The records below must be repeated exactly, but without their pictures.

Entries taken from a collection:
§ §

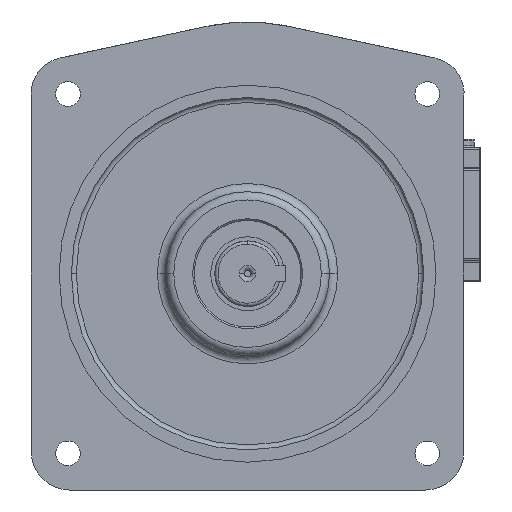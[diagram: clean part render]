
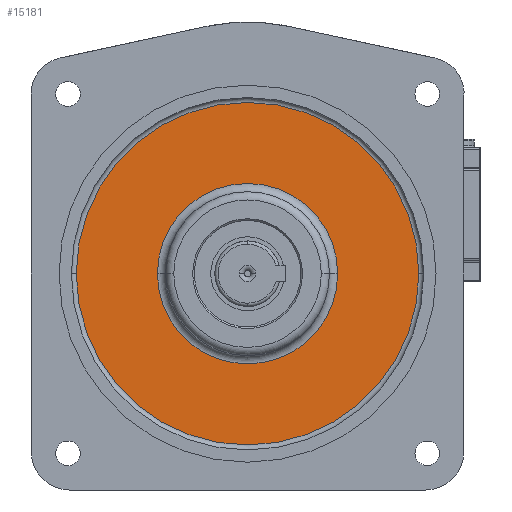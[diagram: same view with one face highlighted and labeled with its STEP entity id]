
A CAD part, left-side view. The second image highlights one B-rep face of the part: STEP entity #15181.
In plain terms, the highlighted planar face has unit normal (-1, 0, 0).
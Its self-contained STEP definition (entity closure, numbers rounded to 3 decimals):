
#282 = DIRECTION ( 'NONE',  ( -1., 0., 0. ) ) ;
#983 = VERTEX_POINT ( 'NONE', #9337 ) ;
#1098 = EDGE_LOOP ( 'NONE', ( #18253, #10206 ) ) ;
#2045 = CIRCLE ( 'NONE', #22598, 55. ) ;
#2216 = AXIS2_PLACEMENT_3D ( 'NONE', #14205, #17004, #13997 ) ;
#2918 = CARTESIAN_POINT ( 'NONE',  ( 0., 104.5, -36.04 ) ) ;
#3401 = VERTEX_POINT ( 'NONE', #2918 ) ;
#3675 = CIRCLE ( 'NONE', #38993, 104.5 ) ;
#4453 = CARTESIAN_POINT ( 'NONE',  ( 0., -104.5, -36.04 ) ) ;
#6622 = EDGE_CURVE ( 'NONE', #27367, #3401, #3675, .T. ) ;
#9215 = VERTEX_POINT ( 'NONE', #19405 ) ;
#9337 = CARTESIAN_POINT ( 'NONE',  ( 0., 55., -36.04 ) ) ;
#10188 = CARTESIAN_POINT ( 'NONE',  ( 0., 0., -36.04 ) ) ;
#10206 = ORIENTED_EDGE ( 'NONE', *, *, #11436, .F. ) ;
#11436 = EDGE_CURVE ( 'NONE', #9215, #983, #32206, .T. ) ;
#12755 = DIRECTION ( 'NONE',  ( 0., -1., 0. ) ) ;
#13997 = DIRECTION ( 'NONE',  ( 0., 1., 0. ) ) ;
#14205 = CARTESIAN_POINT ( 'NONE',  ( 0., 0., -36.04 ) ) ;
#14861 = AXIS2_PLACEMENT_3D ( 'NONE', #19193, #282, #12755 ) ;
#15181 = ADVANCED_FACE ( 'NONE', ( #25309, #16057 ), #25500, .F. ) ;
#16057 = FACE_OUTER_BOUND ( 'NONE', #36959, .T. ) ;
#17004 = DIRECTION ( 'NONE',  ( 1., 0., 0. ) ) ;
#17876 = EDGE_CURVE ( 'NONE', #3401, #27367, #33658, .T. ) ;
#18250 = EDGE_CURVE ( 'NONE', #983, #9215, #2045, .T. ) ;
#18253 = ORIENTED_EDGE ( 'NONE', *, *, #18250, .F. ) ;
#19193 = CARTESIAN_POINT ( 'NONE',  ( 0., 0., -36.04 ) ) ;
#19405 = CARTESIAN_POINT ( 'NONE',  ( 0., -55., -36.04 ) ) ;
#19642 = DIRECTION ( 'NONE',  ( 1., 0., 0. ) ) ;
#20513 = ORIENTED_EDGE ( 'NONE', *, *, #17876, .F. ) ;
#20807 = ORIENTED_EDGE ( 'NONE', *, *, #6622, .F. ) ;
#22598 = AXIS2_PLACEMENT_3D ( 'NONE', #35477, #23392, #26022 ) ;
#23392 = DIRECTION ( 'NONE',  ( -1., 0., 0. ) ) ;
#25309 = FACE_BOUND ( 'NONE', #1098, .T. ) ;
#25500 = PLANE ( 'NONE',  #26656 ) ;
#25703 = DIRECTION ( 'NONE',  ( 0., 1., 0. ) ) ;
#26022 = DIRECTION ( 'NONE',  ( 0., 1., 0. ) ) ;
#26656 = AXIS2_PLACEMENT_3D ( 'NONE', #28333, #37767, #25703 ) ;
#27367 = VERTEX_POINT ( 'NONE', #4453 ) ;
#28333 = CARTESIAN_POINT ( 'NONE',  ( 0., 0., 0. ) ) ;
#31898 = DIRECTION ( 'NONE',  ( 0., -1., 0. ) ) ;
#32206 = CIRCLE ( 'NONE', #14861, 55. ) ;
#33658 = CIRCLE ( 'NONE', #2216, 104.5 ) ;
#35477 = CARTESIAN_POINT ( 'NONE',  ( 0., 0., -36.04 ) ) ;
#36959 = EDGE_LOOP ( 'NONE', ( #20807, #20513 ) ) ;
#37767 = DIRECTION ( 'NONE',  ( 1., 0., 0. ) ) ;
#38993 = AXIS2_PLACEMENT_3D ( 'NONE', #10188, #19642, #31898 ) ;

§ §

*Your response*:
[diagram: clean part render]
[diagram: same view with one face highlighted and labeled with its STEP entity id]
A CAD part, left-side view. The second image highlights one B-rep face of the part: STEP entity #15181.
In plain terms, the highlighted planar face has unit normal (-1, 0, 0).
Its self-contained STEP definition (entity closure, numbers rounded to 3 decimals):
#282 = DIRECTION ( 'NONE',  ( -1., 0., 0. ) ) ;
#983 = VERTEX_POINT ( 'NONE', #9337 ) ;
#1098 = EDGE_LOOP ( 'NONE', ( #18253, #10206 ) ) ;
#2045 = CIRCLE ( 'NONE', #22598, 55. ) ;
#2216 = AXIS2_PLACEMENT_3D ( 'NONE', #14205, #17004, #13997 ) ;
#2918 = CARTESIAN_POINT ( 'NONE',  ( 0., 104.5, -36.04 ) ) ;
#3401 = VERTEX_POINT ( 'NONE', #2918 ) ;
#3675 = CIRCLE ( 'NONE', #38993, 104.5 ) ;
#4453 = CARTESIAN_POINT ( 'NONE',  ( 0., -104.5, -36.04 ) ) ;
#6622 = EDGE_CURVE ( 'NONE', #27367, #3401, #3675, .T. ) ;
#9215 = VERTEX_POINT ( 'NONE', #19405 ) ;
#9337 = CARTESIAN_POINT ( 'NONE',  ( 0., 55., -36.04 ) ) ;
#10188 = CARTESIAN_POINT ( 'NONE',  ( 0., 0., -36.04 ) ) ;
#10206 = ORIENTED_EDGE ( 'NONE', *, *, #11436, .F. ) ;
#11436 = EDGE_CURVE ( 'NONE', #9215, #983, #32206, .T. ) ;
#12755 = DIRECTION ( 'NONE',  ( 0., -1., 0. ) ) ;
#13997 = DIRECTION ( 'NONE',  ( 0., 1., 0. ) ) ;
#14205 = CARTESIAN_POINT ( 'NONE',  ( 0., 0., -36.04 ) ) ;
#14861 = AXIS2_PLACEMENT_3D ( 'NONE', #19193, #282, #12755 ) ;
#15181 = ADVANCED_FACE ( 'NONE', ( #25309, #16057 ), #25500, .F. ) ;
#16057 = FACE_OUTER_BOUND ( 'NONE', #36959, .T. ) ;
#17004 = DIRECTION ( 'NONE',  ( 1., 0., 0. ) ) ;
#17876 = EDGE_CURVE ( 'NONE', #3401, #27367, #33658, .T. ) ;
#18250 = EDGE_CURVE ( 'NONE', #983, #9215, #2045, .T. ) ;
#18253 = ORIENTED_EDGE ( 'NONE', *, *, #18250, .F. ) ;
#19193 = CARTESIAN_POINT ( 'NONE',  ( 0., 0., -36.04 ) ) ;
#19405 = CARTESIAN_POINT ( 'NONE',  ( 0., -55., -36.04 ) ) ;
#19642 = DIRECTION ( 'NONE',  ( 1., 0., 0. ) ) ;
#20513 = ORIENTED_EDGE ( 'NONE', *, *, #17876, .F. ) ;
#20807 = ORIENTED_EDGE ( 'NONE', *, *, #6622, .F. ) ;
#22598 = AXIS2_PLACEMENT_3D ( 'NONE', #35477, #23392, #26022 ) ;
#23392 = DIRECTION ( 'NONE',  ( -1., 0., 0. ) ) ;
#25309 = FACE_BOUND ( 'NONE', #1098, .T. ) ;
#25500 = PLANE ( 'NONE',  #26656 ) ;
#25703 = DIRECTION ( 'NONE',  ( 0., 1., 0. ) ) ;
#26022 = DIRECTION ( 'NONE',  ( 0., 1., 0. ) ) ;
#26656 = AXIS2_PLACEMENT_3D ( 'NONE', #28333, #37767, #25703 ) ;
#27367 = VERTEX_POINT ( 'NONE', #4453 ) ;
#28333 = CARTESIAN_POINT ( 'NONE',  ( 0., 0., 0. ) ) ;
#31898 = DIRECTION ( 'NONE',  ( 0., -1., 0. ) ) ;
#32206 = CIRCLE ( 'NONE', #14861, 55. ) ;
#33658 = CIRCLE ( 'NONE', #2216, 104.5 ) ;
#35477 = CARTESIAN_POINT ( 'NONE',  ( 0., 0., -36.04 ) ) ;
#36959 = EDGE_LOOP ( 'NONE', ( #20807, #20513 ) ) ;
#37767 = DIRECTION ( 'NONE',  ( 1., 0., 0. ) ) ;
#38993 = AXIS2_PLACEMENT_3D ( 'NONE', #10188, #19642, #31898 ) ;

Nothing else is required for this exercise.